Tuesday, August 10, 2010

August 10, 2010

I've never done a blog before, but I want to begin this because I know there's got to other daughters and sons out there experiencing the same things I am.
My Mom, Wilma, who turned 90 years old this year, was diagnosed with Alzheimer's on April 26, 2010. That date is burned into my memory. Since her diagnosis, she has been taking Namenda, and for a few weeks, I could see an improvement. But for the last month, she's gotten worse. We have an appointment with a neurologist on Thursday, Aug. 12.
I began to write down what I was thinking in January when I quit my job. I was thinking about a blog then, but I was so caught up in taking Mom to appointments and dealing with my sister who doesn't want to admit Mom is sick or offers to help, that I just didn't do it until today.
Please write down your thoughts for me. Tell me if I'm losing my mind. all I want to do is be a good daughter and give Mom the best care I can possibly give. And most of the time, I feel like I don't.
So here goes.


Monday, January 11, 2010
Mom is worse today. I had to guide her about making her oatmeal this morning. She had made her toast but hadn't started her oatmeal yet, so I had to tell her to get the pan, get the oatmeal, get the measuring cups, sugar, etc. Sigh. It's so hard to realize that this woman who has been such a rock in my life is no longer that rock. Now I am the parent and she is the child. Once in a while, Mom will shine through all that haze, but not very often.

Today was a weird day. I actually had to rethink my whole day because it was the first day I didn't go to work. 

Tuesday, August 10, 2010
Today is the first day Mom couldn't remember my name. She had to ask me what my name is. I feel like this is a milestone that is marked by how bad she is really getting. She can't remember Martha's name (she is my only sister) half the time, but that's because Martha isn't spending much time with her. 
Mom also picked some strawberries today. Most of them were rotten and I had to throw them away. This is only the second time she has attempted to pick them, and that's good that she even gets into the garden. The only time she goes outside any more is when she takes the dog out.
She's having a difficult day. I had to physically help her get her breakfast, the second day for this. She couldn't recognize what toast was. Yesterday she put her toast on a cereal bowl instead of a plate. But each morning, step by step, I must tell her what to do. I admit some mornings I just want to do it myself. It would be easier. But I figure as long as she's able to fix her breakfast, she should. I think it's good for her and it makes her feel a little useful.
This is the most difficult job I've ever had.

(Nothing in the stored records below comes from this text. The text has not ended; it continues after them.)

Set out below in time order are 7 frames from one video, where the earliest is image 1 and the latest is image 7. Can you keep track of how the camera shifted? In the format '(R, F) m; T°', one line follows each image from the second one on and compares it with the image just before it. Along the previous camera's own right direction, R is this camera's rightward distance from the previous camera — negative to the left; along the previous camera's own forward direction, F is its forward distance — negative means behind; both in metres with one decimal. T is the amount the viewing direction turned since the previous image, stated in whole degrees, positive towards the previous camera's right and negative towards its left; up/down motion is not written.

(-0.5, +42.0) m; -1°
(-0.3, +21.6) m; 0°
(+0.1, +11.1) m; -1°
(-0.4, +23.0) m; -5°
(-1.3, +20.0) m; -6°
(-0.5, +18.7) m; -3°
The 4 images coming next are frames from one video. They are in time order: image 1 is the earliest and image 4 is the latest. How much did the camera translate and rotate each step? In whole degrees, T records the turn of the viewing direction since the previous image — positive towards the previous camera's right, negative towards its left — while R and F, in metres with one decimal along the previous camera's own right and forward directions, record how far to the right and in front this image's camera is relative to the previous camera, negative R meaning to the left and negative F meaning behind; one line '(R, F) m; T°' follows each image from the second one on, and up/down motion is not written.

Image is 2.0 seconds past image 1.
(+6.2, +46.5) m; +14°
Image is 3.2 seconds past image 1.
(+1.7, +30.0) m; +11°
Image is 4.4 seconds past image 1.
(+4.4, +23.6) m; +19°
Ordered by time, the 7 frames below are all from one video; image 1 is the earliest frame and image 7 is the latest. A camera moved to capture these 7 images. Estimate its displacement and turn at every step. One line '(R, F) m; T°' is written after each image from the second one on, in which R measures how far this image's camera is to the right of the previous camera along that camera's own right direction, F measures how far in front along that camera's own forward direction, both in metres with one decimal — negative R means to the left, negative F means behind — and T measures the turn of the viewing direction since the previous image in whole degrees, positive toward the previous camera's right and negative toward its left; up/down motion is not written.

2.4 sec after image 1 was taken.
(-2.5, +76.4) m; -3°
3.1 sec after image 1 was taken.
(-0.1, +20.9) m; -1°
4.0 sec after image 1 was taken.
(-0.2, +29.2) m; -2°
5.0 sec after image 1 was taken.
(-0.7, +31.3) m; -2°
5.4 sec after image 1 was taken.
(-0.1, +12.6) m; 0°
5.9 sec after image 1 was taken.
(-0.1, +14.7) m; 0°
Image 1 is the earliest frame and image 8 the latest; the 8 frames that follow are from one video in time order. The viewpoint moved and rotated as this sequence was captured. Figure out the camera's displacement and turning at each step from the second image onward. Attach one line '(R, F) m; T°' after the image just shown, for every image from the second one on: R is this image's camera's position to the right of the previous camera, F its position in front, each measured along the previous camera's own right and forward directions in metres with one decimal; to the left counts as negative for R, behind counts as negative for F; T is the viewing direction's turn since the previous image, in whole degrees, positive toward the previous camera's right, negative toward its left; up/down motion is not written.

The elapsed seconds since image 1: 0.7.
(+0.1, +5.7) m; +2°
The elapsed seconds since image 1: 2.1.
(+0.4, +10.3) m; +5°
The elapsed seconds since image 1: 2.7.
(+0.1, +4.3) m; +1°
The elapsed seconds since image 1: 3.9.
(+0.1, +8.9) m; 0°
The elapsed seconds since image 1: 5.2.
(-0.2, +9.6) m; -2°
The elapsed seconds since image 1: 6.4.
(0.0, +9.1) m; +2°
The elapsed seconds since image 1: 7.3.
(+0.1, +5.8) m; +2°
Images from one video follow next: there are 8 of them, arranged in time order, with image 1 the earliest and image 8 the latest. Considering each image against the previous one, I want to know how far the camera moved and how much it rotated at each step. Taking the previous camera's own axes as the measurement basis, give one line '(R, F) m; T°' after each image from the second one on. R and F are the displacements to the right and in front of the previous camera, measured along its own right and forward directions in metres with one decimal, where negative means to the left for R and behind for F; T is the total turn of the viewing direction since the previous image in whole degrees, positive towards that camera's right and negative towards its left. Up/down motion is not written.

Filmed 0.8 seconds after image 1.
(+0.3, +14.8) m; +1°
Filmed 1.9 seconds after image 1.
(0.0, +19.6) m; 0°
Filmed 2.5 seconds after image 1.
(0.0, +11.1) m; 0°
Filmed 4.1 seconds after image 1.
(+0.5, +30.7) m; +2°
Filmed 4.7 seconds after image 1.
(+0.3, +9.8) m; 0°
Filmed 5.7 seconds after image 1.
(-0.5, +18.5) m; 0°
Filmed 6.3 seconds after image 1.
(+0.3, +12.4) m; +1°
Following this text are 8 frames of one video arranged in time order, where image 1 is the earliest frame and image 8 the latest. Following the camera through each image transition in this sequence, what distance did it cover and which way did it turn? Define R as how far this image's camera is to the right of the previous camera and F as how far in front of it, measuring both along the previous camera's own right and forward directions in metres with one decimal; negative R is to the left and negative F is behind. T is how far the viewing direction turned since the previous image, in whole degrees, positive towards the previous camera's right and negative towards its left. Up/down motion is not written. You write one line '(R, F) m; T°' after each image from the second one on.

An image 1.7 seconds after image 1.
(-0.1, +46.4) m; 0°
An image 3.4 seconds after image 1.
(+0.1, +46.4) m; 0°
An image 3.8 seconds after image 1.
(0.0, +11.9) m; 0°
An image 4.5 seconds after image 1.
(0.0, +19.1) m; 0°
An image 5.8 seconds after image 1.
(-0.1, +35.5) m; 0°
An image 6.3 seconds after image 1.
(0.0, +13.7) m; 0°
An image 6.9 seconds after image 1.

I guess that's my mantra for now.
And I keep praying that God will take her home before she gets too bad. I just don't think I could take it if she got as bad as Maxine (Mom's best friend who recently dies from Alzheimer's) was. I think my heart would literally break.
And the financial worries are just overwhelming. I just hope we can get Mom's car sold before the end of the month or we're going to be in a world of hurt. I try to not let it bother me, but evidently it is because the muscles in my back are killing me. Not so bad today as yesterday, but I had to get up about 4 a.m. and take some ibuprofen. It's still cramping a little and usually that's where all my stress goes.